RECORDED DATA>

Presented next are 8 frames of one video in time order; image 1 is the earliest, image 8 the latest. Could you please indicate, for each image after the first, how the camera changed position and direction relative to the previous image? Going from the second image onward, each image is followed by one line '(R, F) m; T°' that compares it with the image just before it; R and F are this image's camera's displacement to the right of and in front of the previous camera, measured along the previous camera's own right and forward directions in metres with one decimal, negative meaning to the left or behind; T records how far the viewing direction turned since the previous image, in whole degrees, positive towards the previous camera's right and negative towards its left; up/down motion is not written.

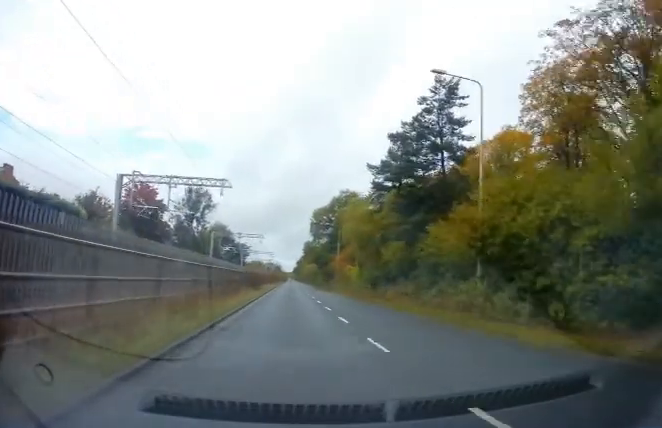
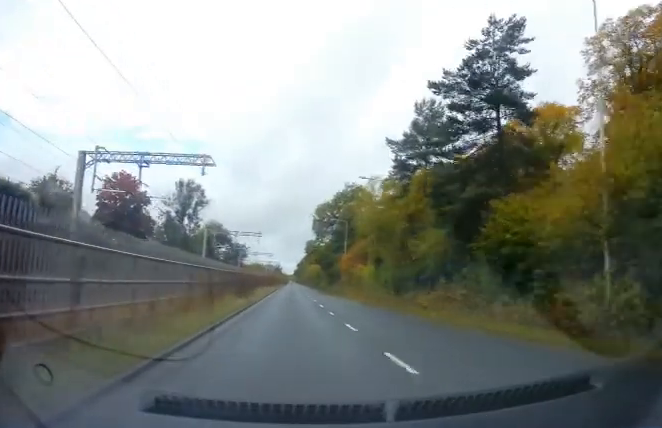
(+0.1, +8.3) m; -1°
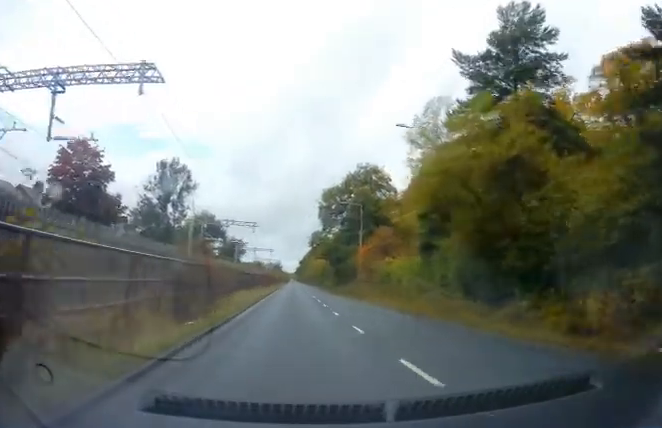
(-0.4, +13.4) m; 0°
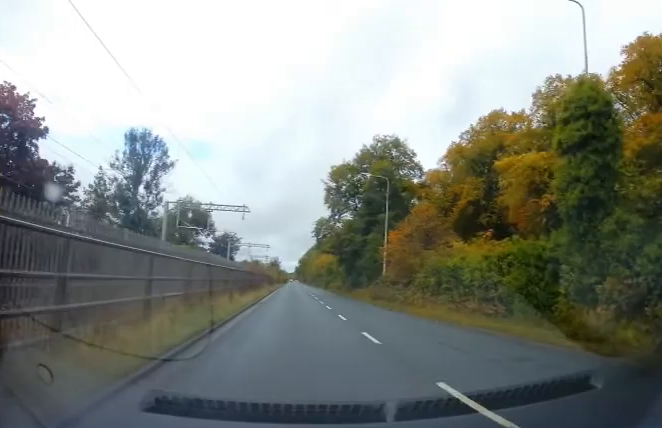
(+0.3, +14.1) m; +2°
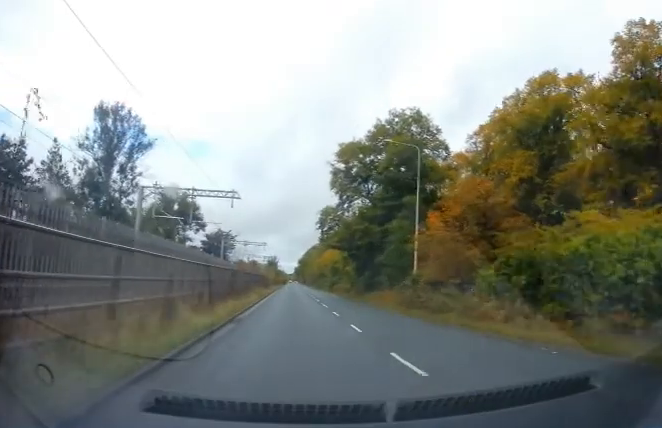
(+0.1, +9.6) m; 0°
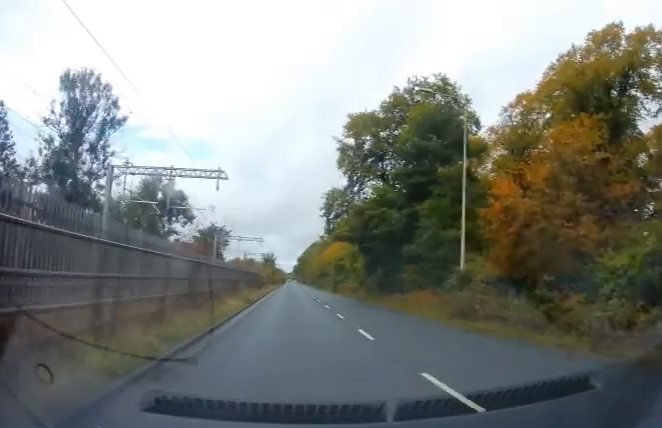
(0.0, +8.3) m; 0°
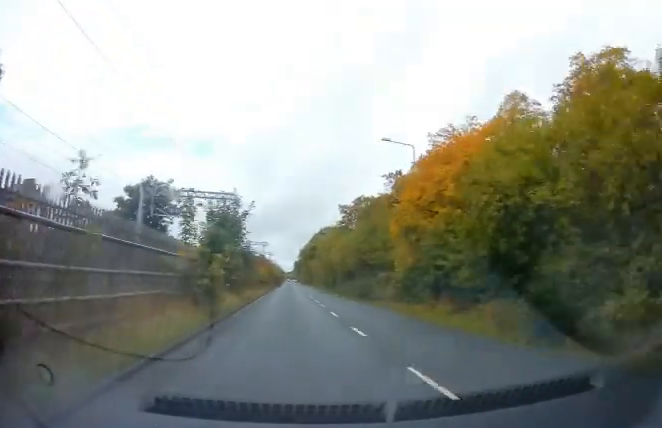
(-1.5, +48.6) m; -1°
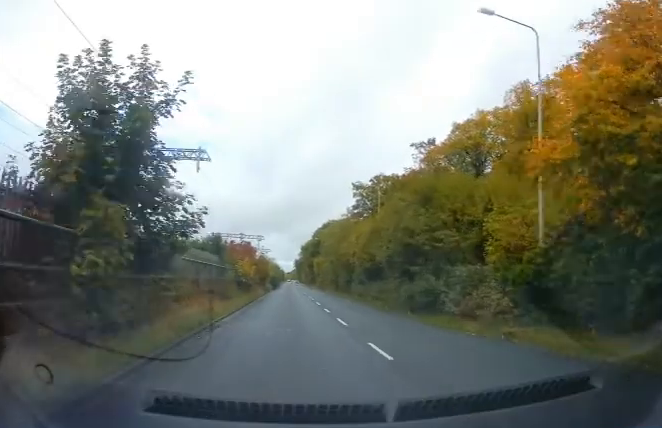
(+0.7, +15.1) m; +1°
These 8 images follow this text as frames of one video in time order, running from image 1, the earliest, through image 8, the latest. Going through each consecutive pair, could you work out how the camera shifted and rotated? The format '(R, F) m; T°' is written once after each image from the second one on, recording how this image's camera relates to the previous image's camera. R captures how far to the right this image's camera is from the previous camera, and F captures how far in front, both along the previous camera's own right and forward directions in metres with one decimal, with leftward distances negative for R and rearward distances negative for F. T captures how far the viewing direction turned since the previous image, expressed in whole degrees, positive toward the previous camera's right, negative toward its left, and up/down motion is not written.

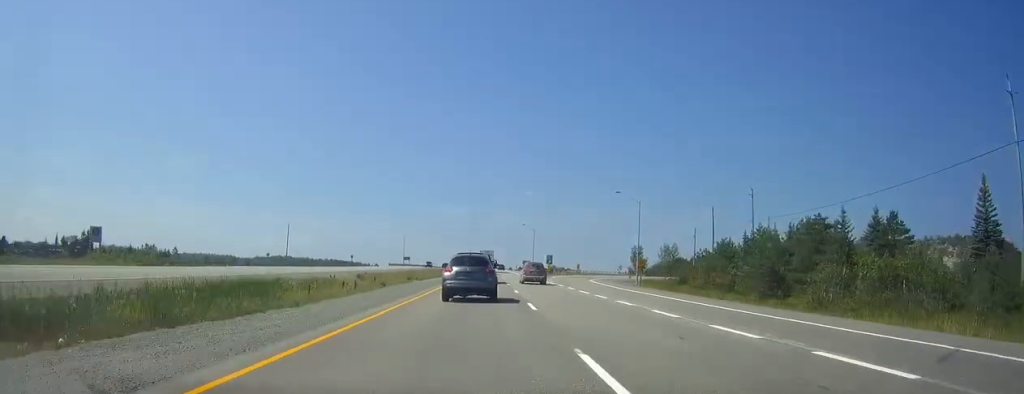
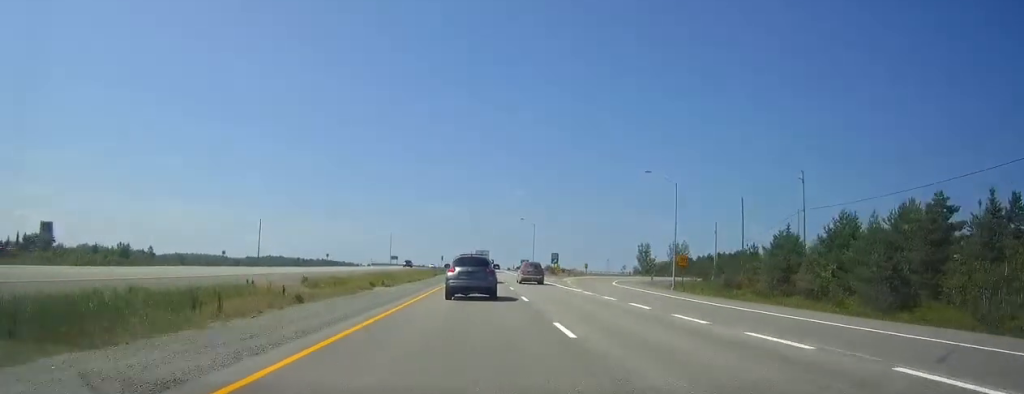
(0.0, +19.2) m; +1°
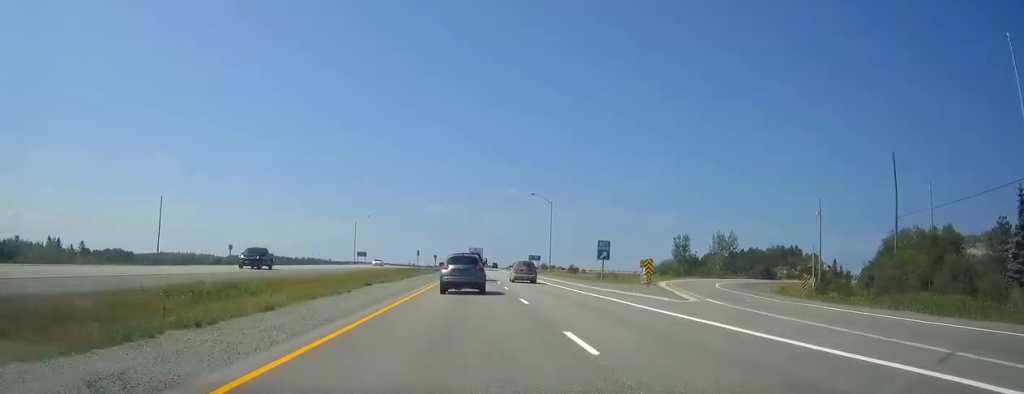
(+0.5, +50.9) m; +1°
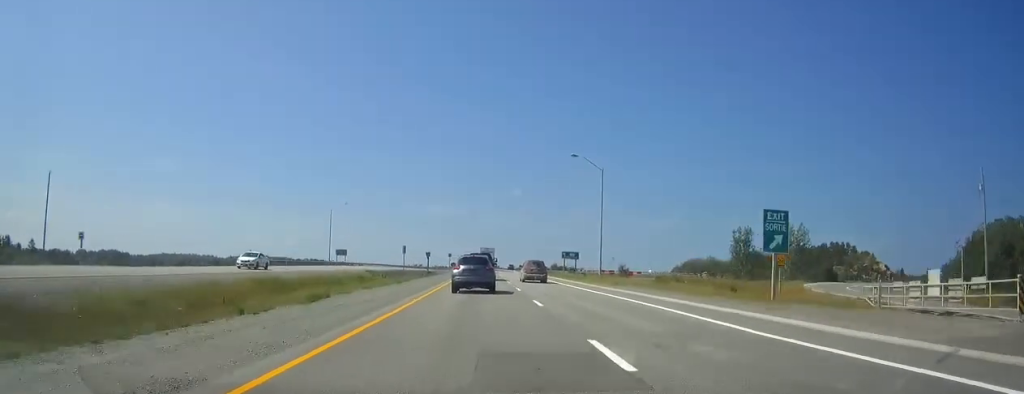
(+0.1, +37.1) m; 0°
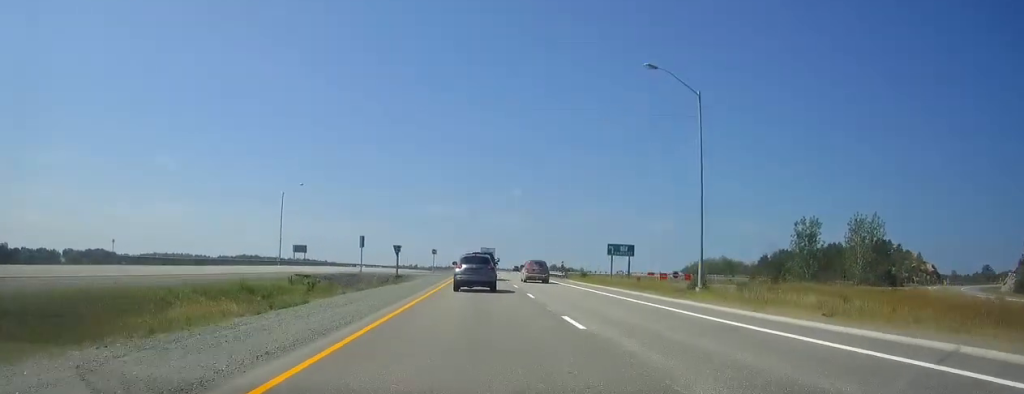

YOUR TASK>
Copy each line of the records precisely and drop any images they hold.

ANSWER SECTION>
Presented next are 8 frames of one video in time order; image 1 is the earliest, image 8 the latest. Could you please indicate, for each image after the first, how the camera changed position and direction relative to the previous image? Going from the second image onward, each image is followed by one line '(R, F) m; T°' that compares it with the image just before it; R and F are this image's camera's displacement to the right of and in front of the previous camera, measured along the previous camera's own right and forward directions in metres with one decimal, negative meaning to the left or behind; T records how far the viewing direction turned since the previous image, in whole degrees, positive towards the previous camera's right and negative towards its left; up/down motion is not written.

(+0.1, +8.3) m; -1°
(-0.4, +13.4) m; 0°
(+0.3, +14.1) m; +2°
(+0.1, +9.6) m; 0°
(0.0, +8.3) m; 0°
(-1.5, +48.6) m; -1°
(+0.7, +15.1) m; +1°
These 8 images follow this text as frames of one video in time order, running from image 1, the earliest, through image 8, the latest. Going through each consecutive pair, could you work out how the camera shifted and rotated? The format '(R, F) m; T°' is written once after each image from the second one on, recording how this image's camera relates to the previous image's camera. R captures how far to the right this image's camera is from the previous camera, and F captures how far in front, both along the previous camera's own right and forward directions in metres with one decimal, with leftward distances negative for R and rearward distances negative for F. T captures how far the viewing direction turned since the previous image, expressed in whole degrees, positive toward the previous camera's right, negative toward its left, and up/down motion is not written.

(0.0, +19.2) m; +1°
(+0.5, +50.9) m; +1°
(+0.1, +37.1) m; 0°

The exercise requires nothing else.